By Aduragbemi Omiyale

The amount shared to the three tiers of government, the federal government, state governments, and local governments, by the Federation Account Allocation Committee (FAAC), decreased in March 2023 from the money distributed in February.

A communique issued on Wednesday after the FAAC meeting in Abuja disclosed that N722.7 billion was disbursed from the revenue generated by the country last month compared with the N750.2 billion shared in February.

A breakdown showed that the total distributable revenue of N722.677 billion comprised distributable statutory revenue of N366.800 billion, distributable Value Added Tax (VAT) revenue of N224.232 billion, Electronic Money Transfer Levy (EMTL) of N11.645 billion and N120.000 billion Augmentation from Forex Equalisation Account.

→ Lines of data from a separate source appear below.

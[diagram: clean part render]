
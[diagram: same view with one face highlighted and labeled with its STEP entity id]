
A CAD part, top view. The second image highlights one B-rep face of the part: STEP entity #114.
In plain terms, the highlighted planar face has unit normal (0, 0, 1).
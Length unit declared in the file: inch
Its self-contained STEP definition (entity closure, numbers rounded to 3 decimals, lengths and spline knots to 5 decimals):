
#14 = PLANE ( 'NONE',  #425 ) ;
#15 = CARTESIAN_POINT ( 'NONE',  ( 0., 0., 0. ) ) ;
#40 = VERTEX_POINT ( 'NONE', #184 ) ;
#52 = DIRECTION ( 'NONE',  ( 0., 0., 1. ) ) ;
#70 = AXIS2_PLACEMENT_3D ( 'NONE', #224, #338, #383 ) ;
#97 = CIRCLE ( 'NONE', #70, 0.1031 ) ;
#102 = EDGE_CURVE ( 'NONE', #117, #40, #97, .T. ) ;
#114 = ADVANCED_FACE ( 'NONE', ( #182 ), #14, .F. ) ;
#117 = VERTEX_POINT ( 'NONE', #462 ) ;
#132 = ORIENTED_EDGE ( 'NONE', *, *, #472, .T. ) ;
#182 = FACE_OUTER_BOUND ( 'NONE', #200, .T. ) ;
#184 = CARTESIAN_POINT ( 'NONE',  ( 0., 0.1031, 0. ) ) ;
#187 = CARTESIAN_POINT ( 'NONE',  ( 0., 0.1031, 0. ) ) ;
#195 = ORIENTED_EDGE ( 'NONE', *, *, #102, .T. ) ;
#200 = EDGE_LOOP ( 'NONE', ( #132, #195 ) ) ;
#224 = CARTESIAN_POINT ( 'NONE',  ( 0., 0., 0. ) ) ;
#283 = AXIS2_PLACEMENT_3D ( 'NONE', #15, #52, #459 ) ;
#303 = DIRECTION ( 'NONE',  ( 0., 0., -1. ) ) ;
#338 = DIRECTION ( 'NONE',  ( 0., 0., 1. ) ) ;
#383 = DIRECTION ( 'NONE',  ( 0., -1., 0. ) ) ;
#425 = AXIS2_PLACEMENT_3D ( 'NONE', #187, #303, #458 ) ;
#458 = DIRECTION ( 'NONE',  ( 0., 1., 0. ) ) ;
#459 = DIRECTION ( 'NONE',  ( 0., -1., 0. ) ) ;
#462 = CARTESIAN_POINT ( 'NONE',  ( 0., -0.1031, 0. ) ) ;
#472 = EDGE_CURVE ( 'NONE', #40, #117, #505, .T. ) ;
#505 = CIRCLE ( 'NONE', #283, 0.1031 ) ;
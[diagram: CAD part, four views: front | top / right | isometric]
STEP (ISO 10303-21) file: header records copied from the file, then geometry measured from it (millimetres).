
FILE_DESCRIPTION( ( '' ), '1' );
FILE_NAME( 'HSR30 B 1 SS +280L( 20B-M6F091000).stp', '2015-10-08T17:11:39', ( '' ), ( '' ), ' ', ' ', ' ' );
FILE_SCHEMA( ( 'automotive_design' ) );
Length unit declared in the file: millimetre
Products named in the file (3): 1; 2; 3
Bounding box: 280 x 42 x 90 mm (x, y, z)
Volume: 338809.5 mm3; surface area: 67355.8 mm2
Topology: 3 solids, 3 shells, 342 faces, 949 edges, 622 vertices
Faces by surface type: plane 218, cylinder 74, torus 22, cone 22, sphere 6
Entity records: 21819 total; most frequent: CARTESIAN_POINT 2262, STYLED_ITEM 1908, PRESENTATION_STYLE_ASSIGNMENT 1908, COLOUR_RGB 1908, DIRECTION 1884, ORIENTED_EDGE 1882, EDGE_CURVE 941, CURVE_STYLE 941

In the disclosure signed by the Director of Press and Public Relations of the Office of the Account-General of the Federation (OAGF), Mr Bawa Mokwa, it was disclosed that in February, Petroleum Profit Tax (PPT), Companies Income Tax (CIT), Oil and Gas Royalties, Import and Excise Duties all decreased significantly while Value Added Tax (VAT) and Electronic Money Transfer Levy (EMTL) decreased marginally.

Explaining how the money was disbursed, FAAC said from the N722.677 billion, the federal government received N269.063 billion, the state governments got N236.464 billion, and the local councils were given N173.936 billion, while N43.214 billion was shared to the oil-producing states as 13 per cent derivation revenue.

Further, from the N366.800 billion distributable statutory revenue, the federal government received N178.683 billion, the state governments received N90.630 billion, and the local government councils received N69.872 billion, with relevant states getting N27.614 billion as 13 per cent derivation revenue.

In addition, from the distributable N224.232 billion from VAT, the federal government received N33.635 billion, the state governments received N112.116 billion, and the local councils received N78.481 billion.

The statement also said N11.645 billion Electronic Money Transfer Levy (EMTL) was distributed as follows: the Federal Government received N1.747 billion, the State Governments received N5.822 billion, and the Local Government Councils received N4.076 billion.

From the N120.000 billion Augmentation, the Federal Government received N54.998 billion, the State Governments received N27.896 billion, the Local Government Councils received N21.506 billion, and a total sum of N15.600 billion was shared to the relevant States as 13 per cent of mineral revenue.

In February 2023, the total deductions for the cost of the collection were N27.449 billion, and total deductions for transfers, savings, recoveries and refunds were N109.909 billion, while the balance in the Excess Crude Account (ECA) was $473,754.57, the same amount it had remained since December 2022.